Records drawn from a dataset

****************************************

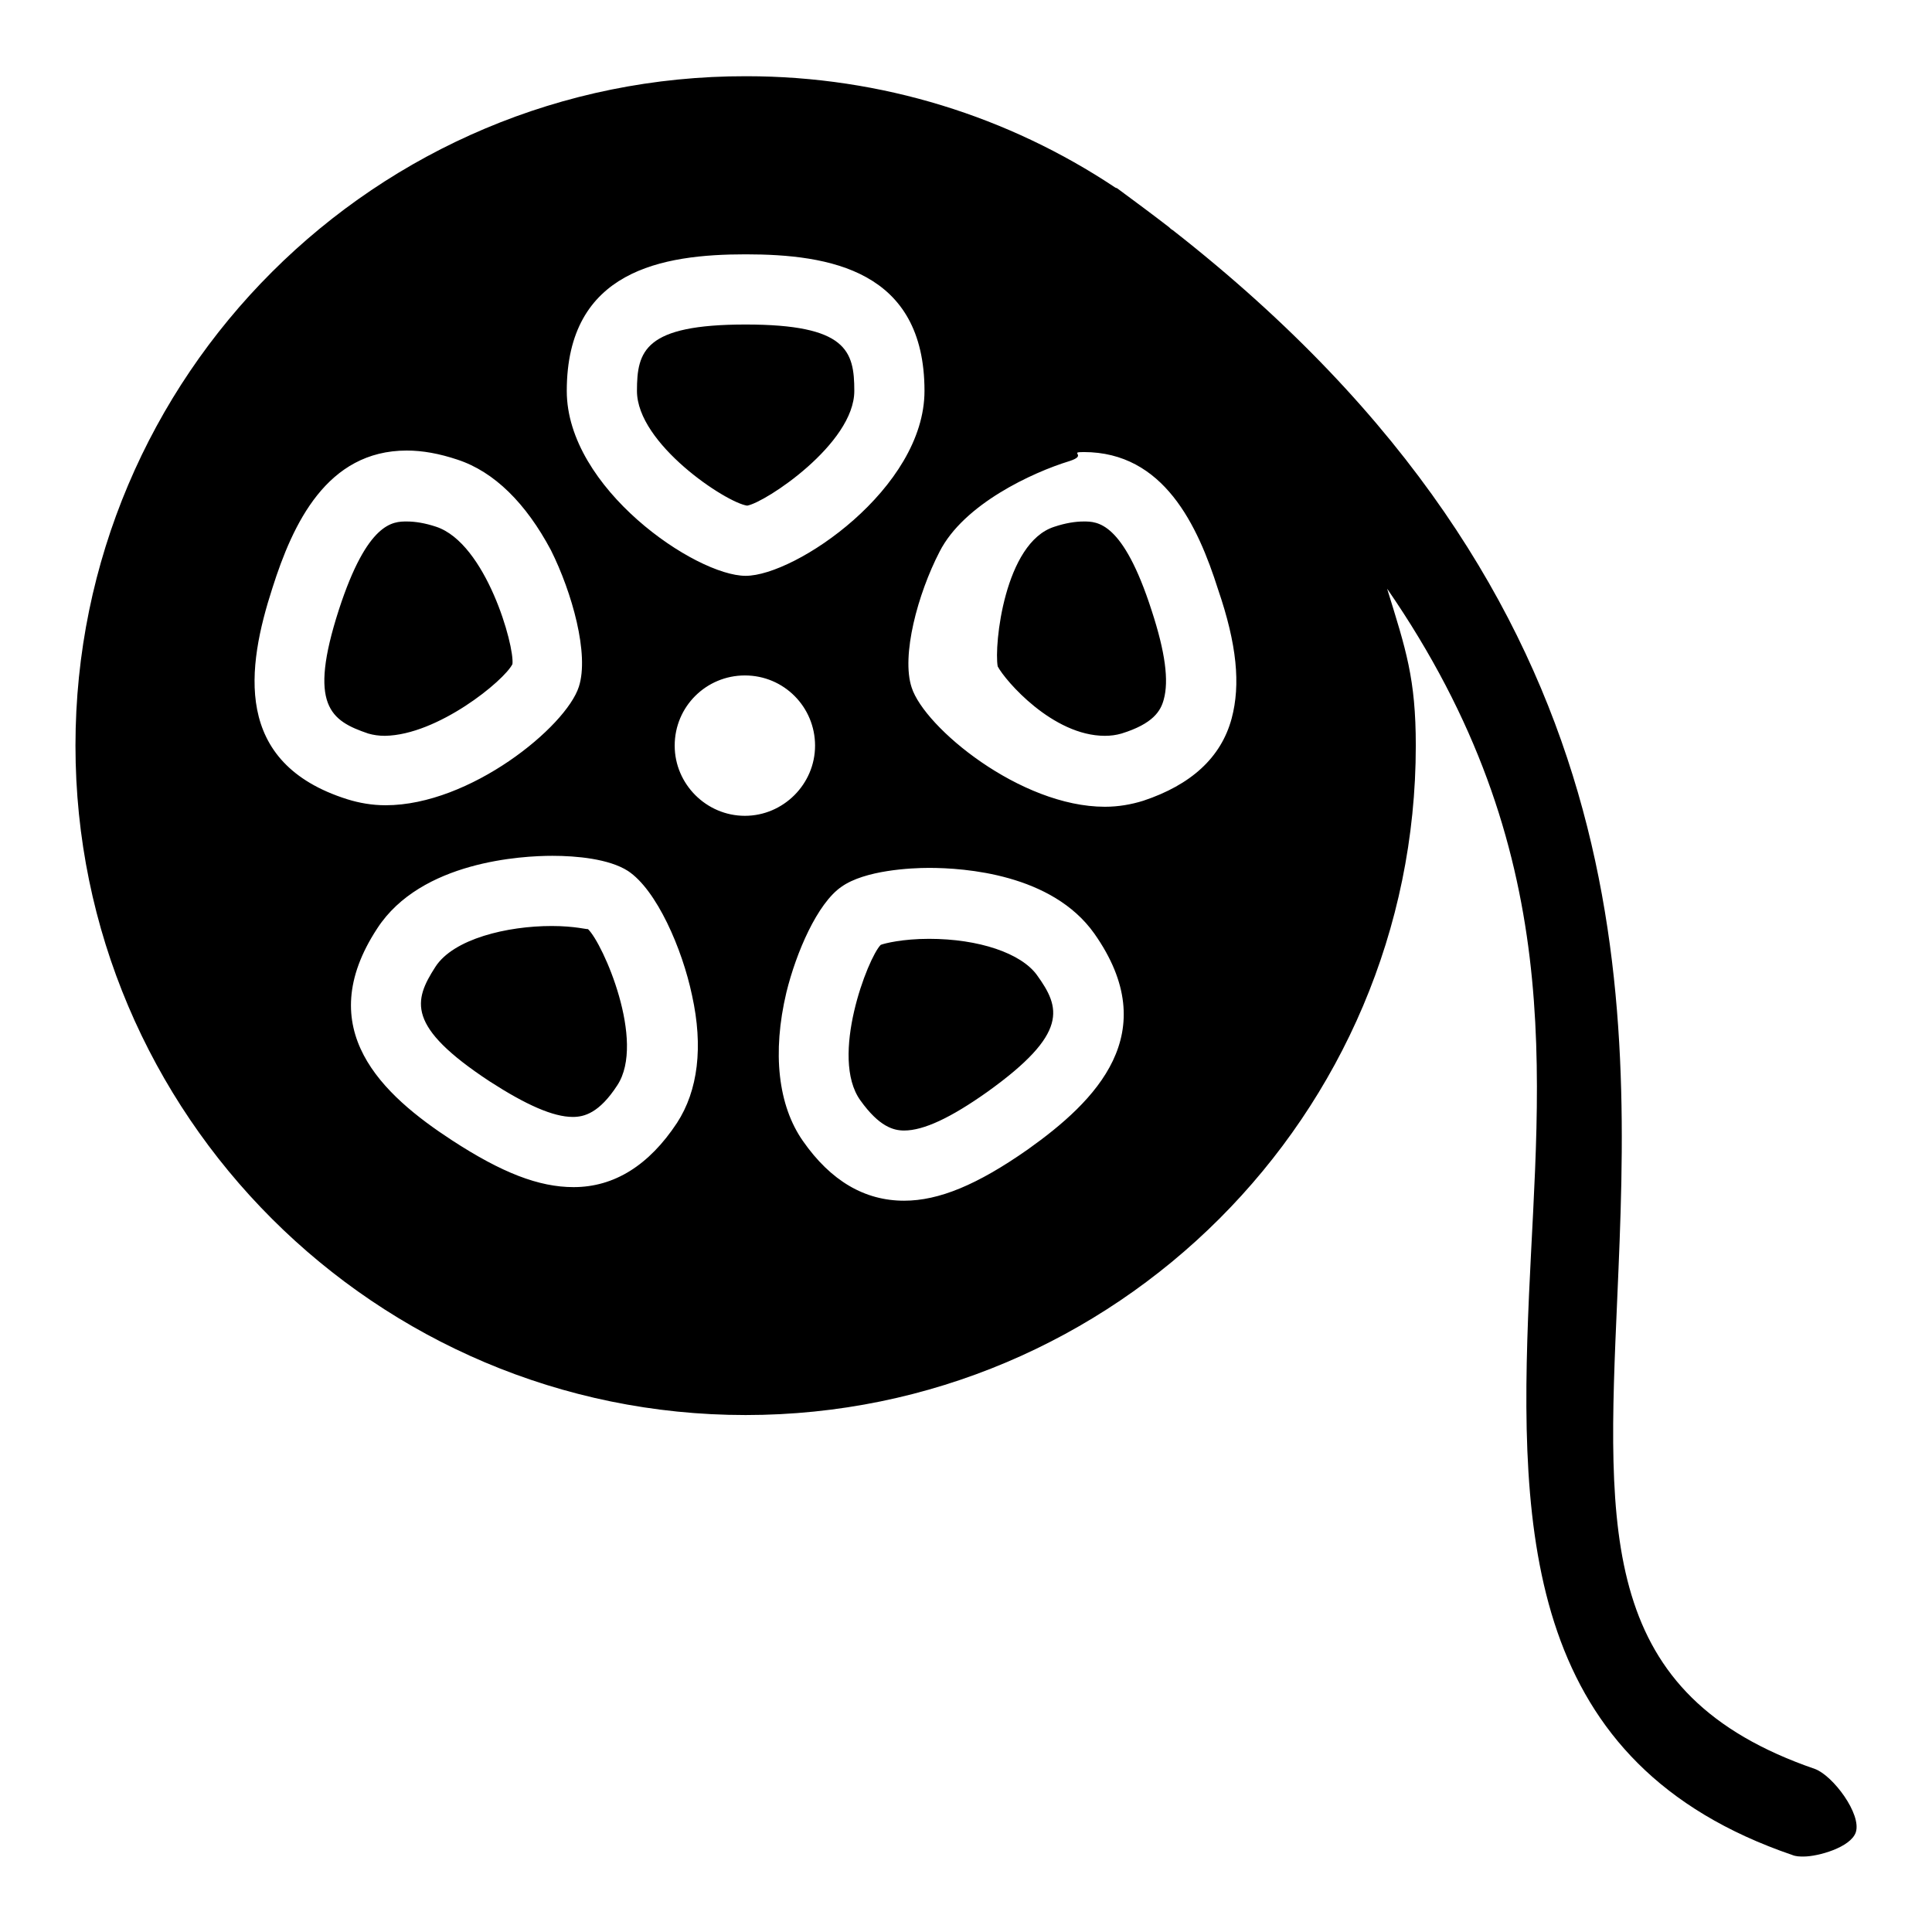 <?xml version="1.0" encoding="utf-8"?>
<!-- Svg Vector Icons : http://www.onlinewebfonts.com/icon -->
<!DOCTYPE svg PUBLIC "-//W3C//DTD SVG 1.1//EN" "http://www.w3.org/Graphics/SVG/1.1/DTD/svg11.dtd">
<svg version="1.1" xmlns="http://www.w3.org/2000/svg" xmlns:xlink="http://www.w3.org/1999/xlink" x="0px" y="0px" viewBox="0 0 256 256" enable-background="new 0 0 256 256" xml:space="preserve">
<g><g><path fill="#000000" d="M99,67c2.4-0.4,14.2-8.2,14.2-15.2c0-5.3-1-8.8-14.4-8.8c-13.4,0-14.4,3.5-14.4,8.8C84.4,58.8,96.2,66.6,99,67z M240.5,234.4c-28.5-9.8-27.6-30.8-26.2-62.5c1.7-39.1,4-92.2-58.9-141.4c-0.2-0.1-0.4-0.3-0.5-0.4c-2.2-1.7-4.5-3.4-6.8-5.1c-0.1-0.1-0.3-0.1-0.4-0.2c-14-9.3-30.8-14.7-48.8-14.7C49.8,10,10,49.8,10,98.8c0,48.9,39.8,88.7,88.8,88.7c49,0,88.8-39.8,88.8-88.7c0-8.9-1.3-12.7-3.8-20.8c24,34.8,20.1,64.3,18.8,93.6c-1.4,32.1-0.2,62.2,34.9,74.2c0.5,0.2,1,0.2,1.5,0.2c1.9,0,6.2-1.2,6.9-3.2C246.7,240.4,242.9,235.3,240.5,234.4z M98.8,33.7c11.1,0,23.7,2.1,23.7,18.1c0,12.9-17.1,24.5-23.7,24.5S75.1,64.7,75.1,51.8C75.1,35.8,87.8,33.7,98.8,33.7z M36.1,77.9c2.7-8.5,7.2-18.2,17.8-18.2c2.1,0,4.3,0.4,6.7,1.2c4.9,1.6,9.1,5.8,12.4,12c2.8,5.6,5.1,13.8,3.7,18.1c-1.7,5.3-14.4,15.7-25.6,15.7c-1.8,0-3.5-0.3-5.1-0.8C30.8,101.1,32.7,88.4,36.1,77.9z M89.7,148.8c-3.7,5.6-8.3,8.5-13.7,8.5c-4.6,0-9.5-1.9-16.1-6.2c-9.2-6-18.7-14.7-9.9-28.1c5.8-8.9,19.2-9.6,23.2-9.6c3.2,0,7.5,0.4,10,2c3.8,2.5,7.2,10.3,8.5,16.5C93.2,138.7,92.5,144.5,89.7,148.8z M89.4,98.8c0-5.2,4.2-9.3,9.3-9.3c5.2,0,9.3,4.2,9.3,9.3s-4.2,9.3-9.3,9.3C93.6,108.1,89.4,103.9,89.4,98.8z M136.2,152.3c-6.7,4.7-11.8,6.8-16.4,6.8c-5.2,0-9.7-2.6-13.4-7.9c-3.3-4.7-4.1-11.7-2.2-19.7c1.3-5.3,4.1-11.8,7.3-14c3.1-2.2,9.2-2.5,11.6-2.5c4.7,0,16.3,0.8,21.9,8.7C154.3,136.9,145.2,145.9,136.2,152.3z M163.2,95.2c-1.4,5.2-5.4,8.8-11.7,10.9c-1.6,0.5-3.3,0.8-5.1,0.8c-11.2,0-23.9-10.5-25.6-15.8c-1.4-4.2,0.8-12.4,3.7-18c3.2-6.3,12.3-10.5,17.2-12c2.5-0.8-0.2-1.2,1.9-1.2c10.6,0,15.1,9.7,17.8,18.2C163.9,85.4,164.4,90.7,163.2,95.2z M73.1,122.7c-5.9,0-13,1.7-15.4,5.4c-2.9,4.5-3.9,7.9,7.2,15.2c4.8,3.1,8.4,4.7,11,4.7c1.5,0,3.5-0.5,5.9-4.2c3.8-5.8-1.9-18.8-3.9-20.7C77.9,123.2,76.2,122.7,73.1,122.7z M123.1,124.4c-3.5,0-5.9,0.6-6.4,0.8c-1.7,1.7-6.8,14.9-2.7,20.6c2.5,3.5,4.4,4,5.8,4c2.6,0,6.2-1.7,11-5.1c10.9-7.8,9.7-11.2,6.6-15.5C135.3,126.3,129.7,124.4,123.1,124.4z M143.6,69.1c-1.1,0-2.4,0.2-3.9,0.7c-6.6,2.1-8,15.7-7.5,18.5c1,1.9,7.3,9.2,14.2,9.2c0.8,0,1.5-0.1,2.2-0.3c4.2-1.3,5.2-3,5.6-4.5c0.7-2.5,0.2-6.3-1.6-11.8C148.8,69.1,145.4,69.1,143.6,69.1z M67.9,88c0.3-2.4-3.5-16-10.1-18.2c-1.5-0.5-2.8-0.7-3.9-0.7c-1.8,0-5.2,0-9,11.7c-4.1,12.7-1.1,14.7,3.9,16.4c0.7,0.2,1.4,0.3,2.2,0.3C58,97.4,66.8,90.2,67.9,88z"/></g></g>
</svg>

****************************************

_Activity_
Transcribe every record above in full. Pictures stay out of the copy.

_Completed task_
 <?xml version="1.0" encoding="utf-8"?>
<!-- Svg Vector Icons : http://www.onlinewebfonts.com/icon -->
<!DOCTYPE svg PUBLIC "-//W3C//DTD SVG 1.1//EN" "http://www.w3.org/Graphics/SVG/1.1/DTD/svg11.dtd">
<svg version="1.1" xmlns="http://www.w3.org/2000/svg" xmlns:xlink="http://www.w3.org/1999/xlink" x="0px" y="0px" viewBox="0 0 256 256" enable-background="new 0 0 256 256" xml:space="preserve">
<g><g><path fill="#000000" d="M99,67c2.4-0.4,14.2-8.2,14.2-15.2c0-5.3-1-8.8-14.4-8.8c-13.4,0-14.4,3.5-14.4,8.8C84.4,58.8,96.2,66.6,99,67z M240.5,234.4c-28.5-9.8-27.6-30.8-26.2-62.5c1.7-39.1,4-92.2-58.9-141.4c-0.2-0.1-0.4-0.3-0.5-0.4c-2.2-1.7-4.5-3.4-6.8-5.1c-0.1-0.1-0.3-0.1-0.4-0.2c-14-9.3-30.8-14.7-48.8-14.7C49.8,10,10,49.8,10,98.8c0,48.9,39.8,88.7,88.8,88.7c49,0,88.8-39.8,88.8-88.7c0-8.9-1.3-12.7-3.8-20.8c24,34.8,20.1,64.3,18.8,93.6c-1.4,32.1-0.2,62.2,34.9,74.2c0.5,0.2,1,0.2,1.5,0.2c1.9,0,6.2-1.2,6.9-3.2C246.7,240.4,242.9,235.3,240.5,234.4z M98.8,33.7c11.1,0,23.7,2.1,23.7,18.1c0,12.9-17.1,24.5-23.7,24.5S75.1,64.7,75.1,51.8C75.1,35.8,87.8,33.7,98.8,33.7z M36.1,77.9c2.7-8.5,7.2-18.2,17.8-18.2c2.1,0,4.3,0.4,6.7,1.2c4.9,1.6,9.1,5.8,12.4,12c2.8,5.6,5.1,13.8,3.7,18.1c-1.7,5.3-14.4,15.7-25.6,15.7c-1.8,0-3.5-0.3-5.1-0.8C30.8,101.1,32.7,88.4,36.1,77.9z M89.7,148.8c-3.7,5.6-8.3,8.5-13.7,8.5c-4.6,0-9.5-1.9-16.1-6.2c-9.2-6-18.7-14.7-9.9-28.1c5.8-8.9,19.2-9.6,23.2-9.6c3.2,0,7.5,0.4,10,2c3.8,2.5,7.2,10.3,8.5,16.5C93.2,138.7,92.5,144.5,89.7,148.8z M89.4,98.8c0-5.2,4.2-9.3,9.3-9.3c5.2,0,9.3,4.2,9.3,9.3s-4.2,9.3-9.3,9.3C93.6,108.1,89.4,103.9,89.4,98.8z M136.2,152.3c-6.7,4.7-11.8,6.8-16.4,6.8c-5.2,0-9.7-2.6-13.4-7.9c-3.3-4.7-4.1-11.7-2.2-19.7c1.3-5.3,4.1-11.8,7.3-14c3.1-2.2,9.2-2.5,11.6-2.5c4.7,0,16.3,0.8,21.9,8.7C154.3,136.9,145.2,145.9,136.2,152.3z M163.2,95.2c-1.4,5.2-5.4,8.8-11.7,10.9c-1.6,0.5-3.3,0.8-5.1,0.8c-11.2,0-23.9-10.5-25.6-15.8c-1.4-4.2,0.8-12.4,3.7-18c3.2-6.3,12.3-10.5,17.2-12c2.5-0.8-0.2-1.2,1.9-1.2c10.6,0,15.1,9.7,17.8,18.2C163.9,85.4,164.4,90.7,163.2,95.2z M73.1,122.7c-5.9,0-13,1.7-15.4,5.4c-2.9,4.5-3.9,7.9,7.2,15.2c4.8,3.1,8.4,4.7,11,4.7c1.5,0,3.5-0.5,5.9-4.2c3.8-5.8-1.9-18.8-3.9-20.7C77.9,123.2,76.2,122.7,73.1,122.7z M123.1,124.4c-3.5,0-5.9,0.6-6.4,0.8c-1.7,1.7-6.8,14.9-2.7,20.6c2.5,3.5,4.4,4,5.8,4c2.6,0,6.2-1.7,11-5.1c10.9-7.8,9.7-11.2,6.6-15.5C135.3,126.3,129.7,124.4,123.1,124.4z M143.6,69.1c-1.1,0-2.4,0.2-3.9,0.7c-6.6,2.1-8,15.7-7.5,18.5c1,1.9,7.3,9.2,14.2,9.2c0.8,0,1.5-0.1,2.2-0.3c4.2-1.3,5.2-3,5.6-4.5c0.7-2.5,0.2-6.3-1.6-11.8C148.8,69.1,145.4,69.1,143.6,69.1z M67.9,88c0.3-2.4-3.5-16-10.1-18.2c-1.5-0.5-2.8-0.7-3.9-0.7c-1.8,0-5.2,0-9,11.7c-4.1,12.7-1.1,14.7,3.9,16.4c0.7,0.2,1.4,0.3,2.2,0.3C58,97.4,66.8,90.2,67.9,88z"/></g></g>
</svg>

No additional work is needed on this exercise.